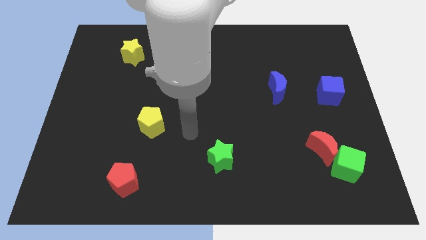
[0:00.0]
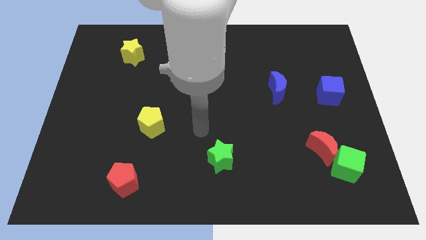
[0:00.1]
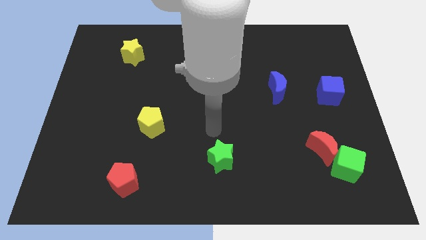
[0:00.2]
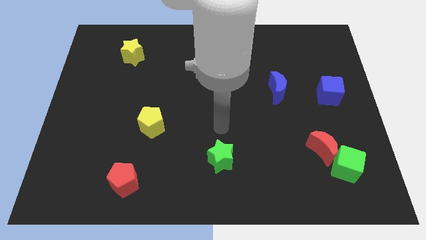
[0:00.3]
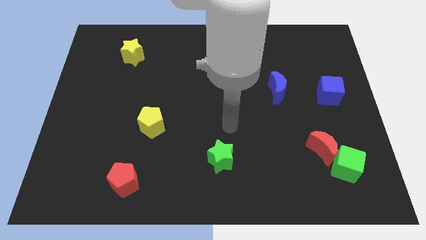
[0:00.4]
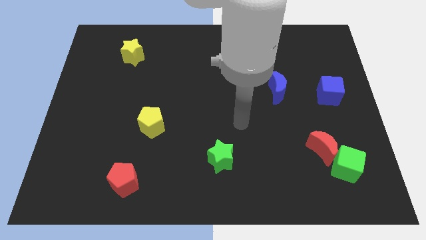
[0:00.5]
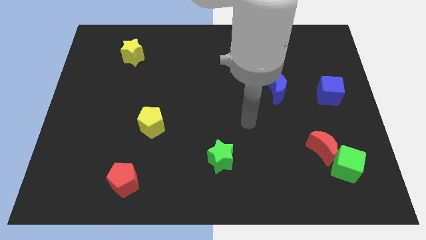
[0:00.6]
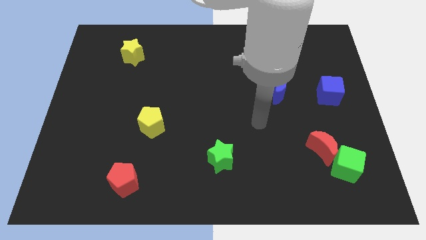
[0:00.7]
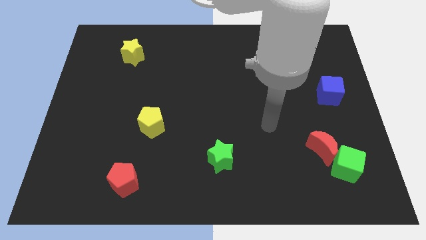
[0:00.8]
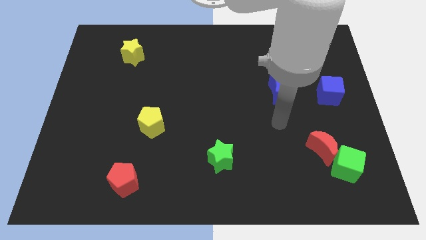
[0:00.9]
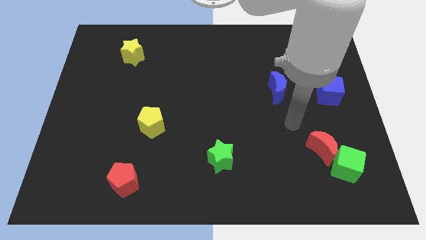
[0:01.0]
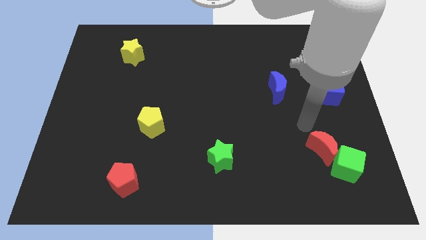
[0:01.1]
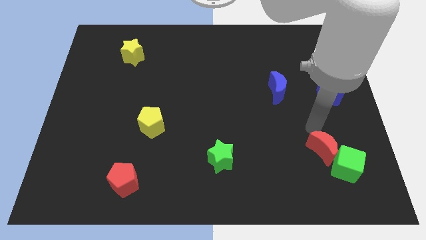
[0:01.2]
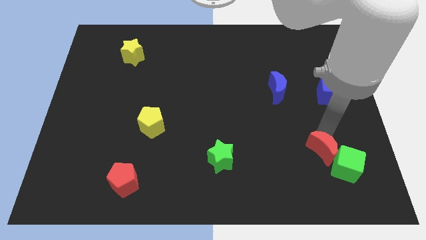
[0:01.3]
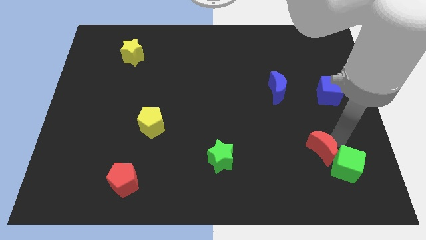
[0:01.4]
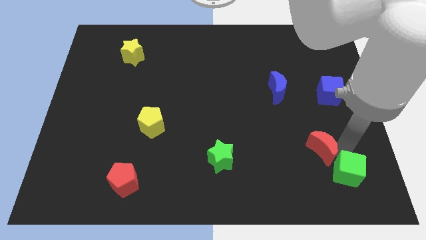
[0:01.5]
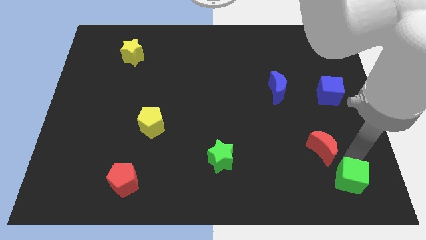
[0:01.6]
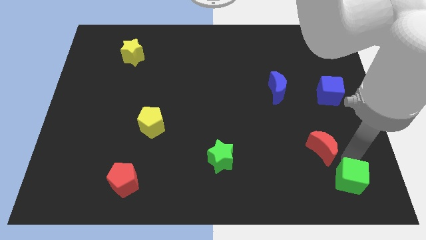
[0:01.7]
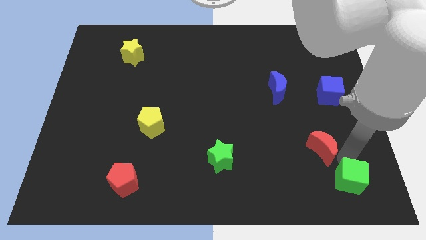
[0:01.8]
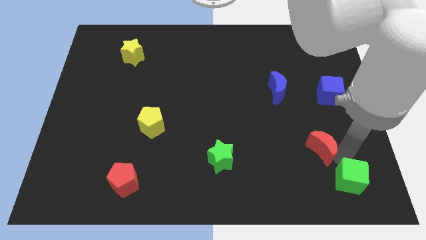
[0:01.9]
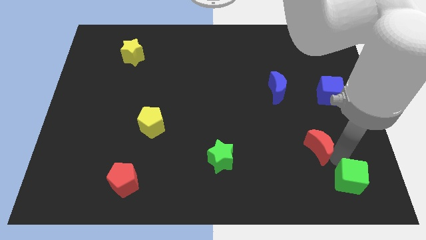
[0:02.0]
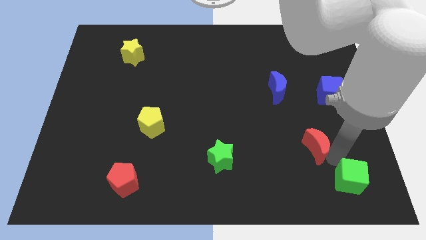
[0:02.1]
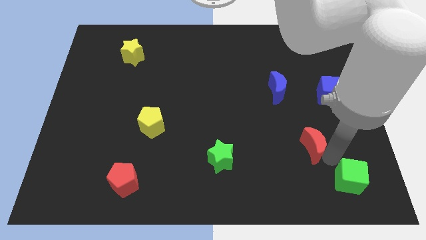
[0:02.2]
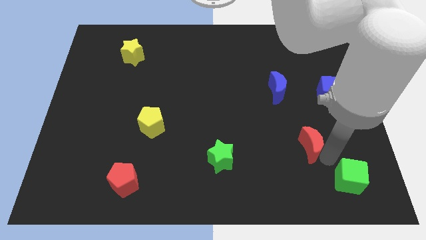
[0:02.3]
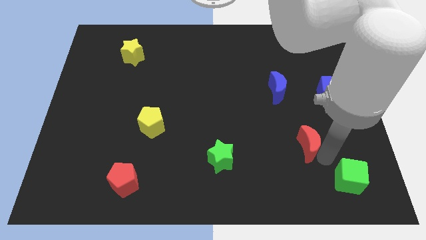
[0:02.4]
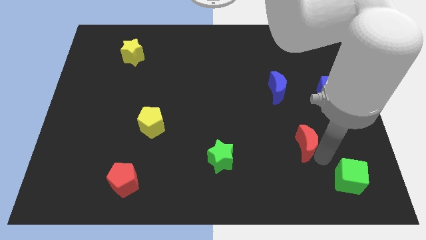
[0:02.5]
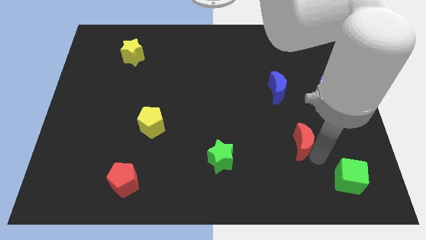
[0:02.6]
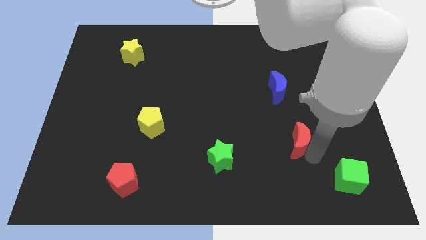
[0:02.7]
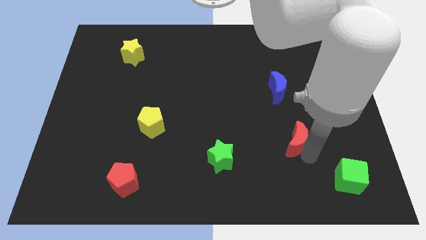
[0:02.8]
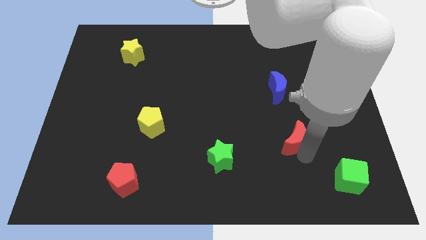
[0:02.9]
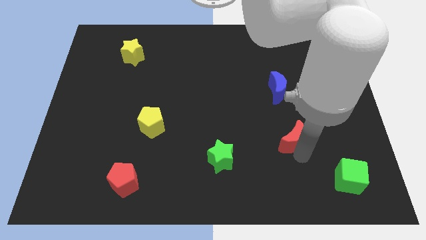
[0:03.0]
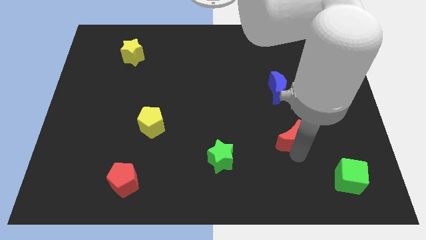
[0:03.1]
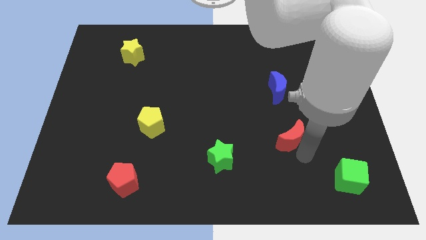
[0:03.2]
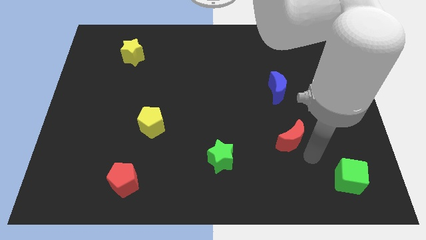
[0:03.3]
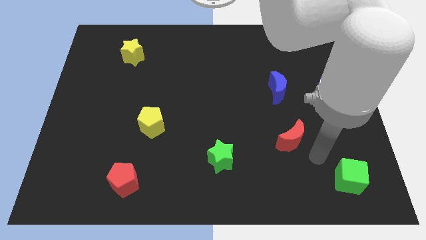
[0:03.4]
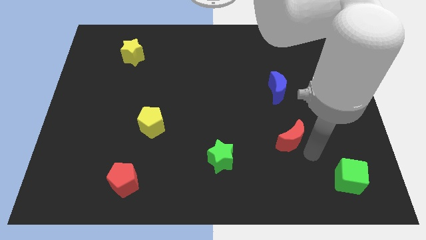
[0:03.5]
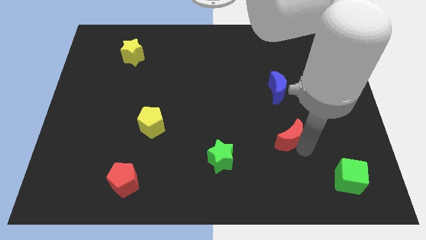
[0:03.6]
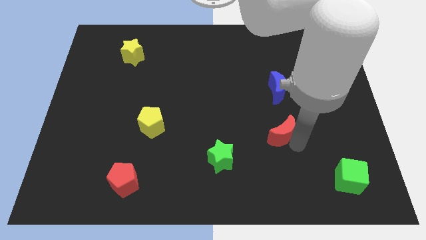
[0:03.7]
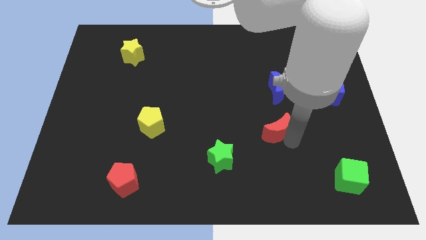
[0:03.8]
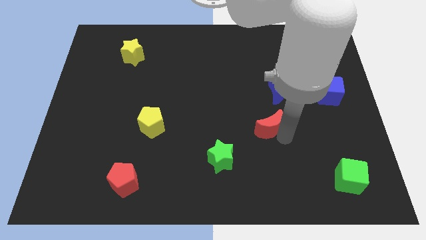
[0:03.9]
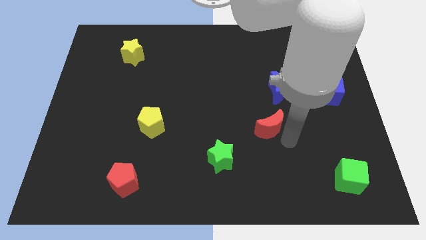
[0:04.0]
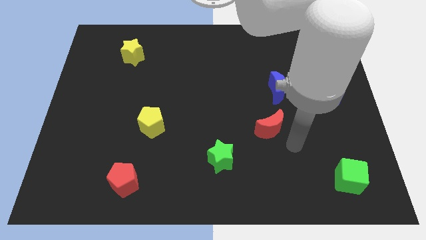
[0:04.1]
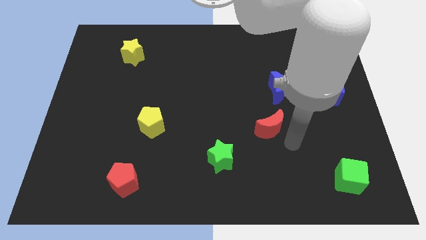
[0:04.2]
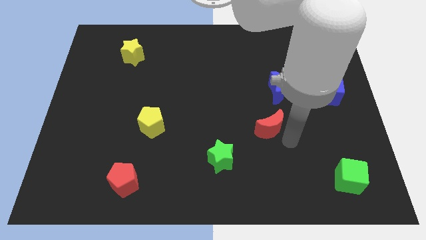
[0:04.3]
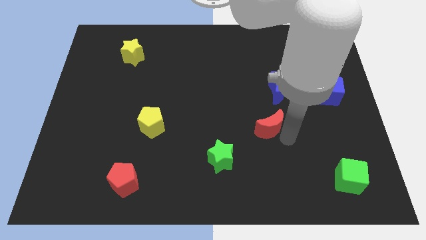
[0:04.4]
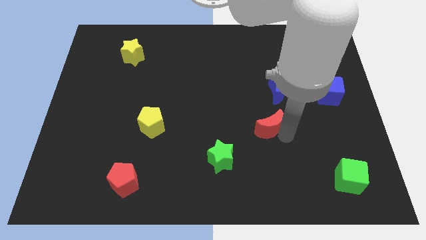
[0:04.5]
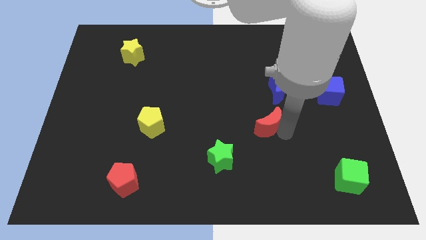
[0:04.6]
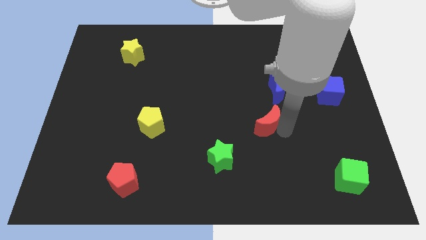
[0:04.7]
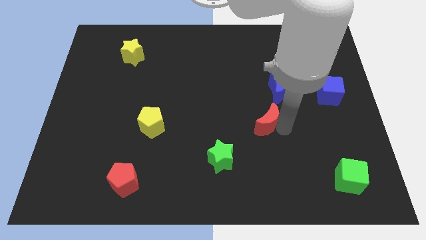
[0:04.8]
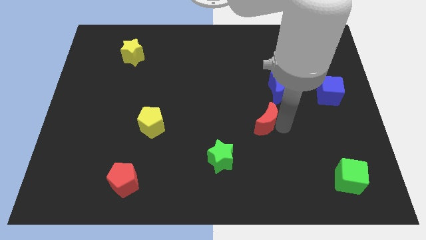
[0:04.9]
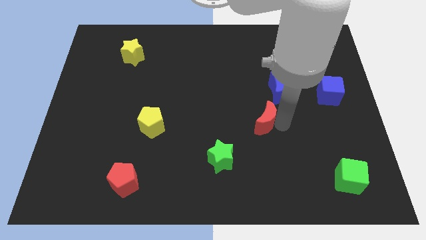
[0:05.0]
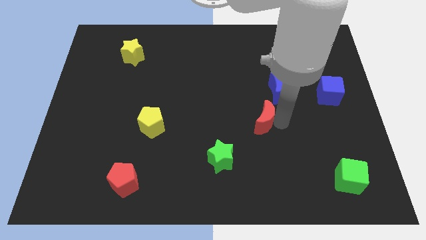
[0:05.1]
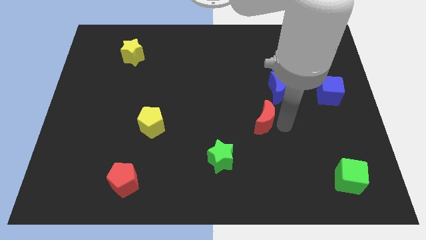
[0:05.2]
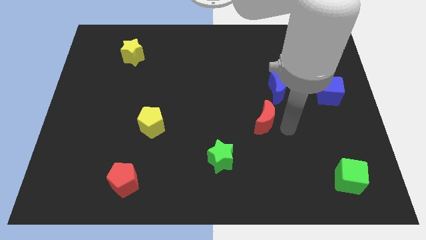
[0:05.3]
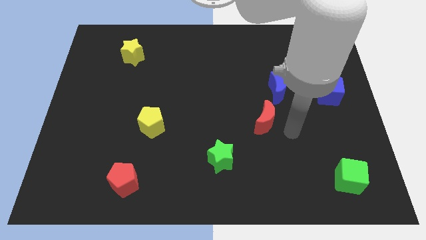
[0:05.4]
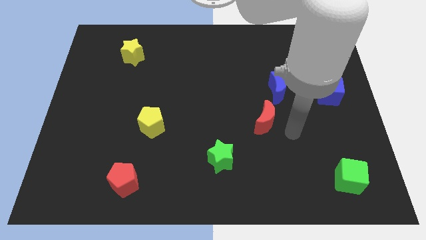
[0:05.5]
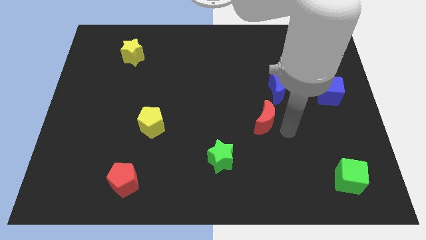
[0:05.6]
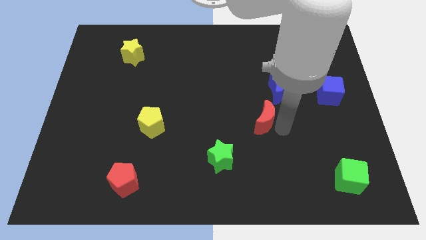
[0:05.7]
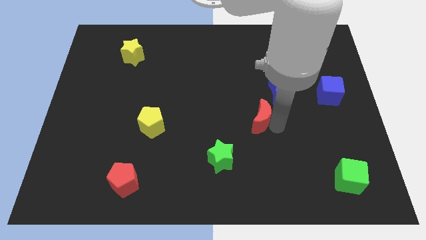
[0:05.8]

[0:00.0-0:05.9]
push the red moon to the middle

Task goal: Output a verbatim copy of all entries above; no pictures go in it.

Problem solution:
[0:00.0]
[0:00.1]
[0:00.2]
[0:00.3]
[0:00.4]
[0:00.5]
[0:00.6]
[0:00.7]
[0:00.8]
[0:00.9]
[0:01.0]
[0:01.1]
[0:01.2]
[0:01.3]
[0:01.4]
[0:01.5]
[0:01.6]
[0:01.7]
[0:01.8]
[0:01.9]
[0:02.0]
[0:02.1]
[0:02.2]
[0:02.3]
[0:02.4]
[0:02.5]
[0:02.6]
[0:02.7]
[0:02.8]
[0:02.9]
[0:03.0]
[0:03.1]
[0:03.2]
[0:03.3]
[0:03.4]
[0:03.5]
[0:03.6]
[0:03.7]
[0:03.8]
[0:03.9]
[0:04.0]
[0:04.1]
[0:04.2]
[0:04.3]
[0:04.4]
[0:04.5]
[0:04.6]
[0:04.7]
[0:04.8]
[0:04.9]
[0:05.0]
[0:05.1]
[0:05.2]
[0:05.3]
[0:05.4]
[0:05.5]
[0:05.6]
[0:05.7]
[0:05.8]

[0:00.0-0:05.9]
push the red moon to the middle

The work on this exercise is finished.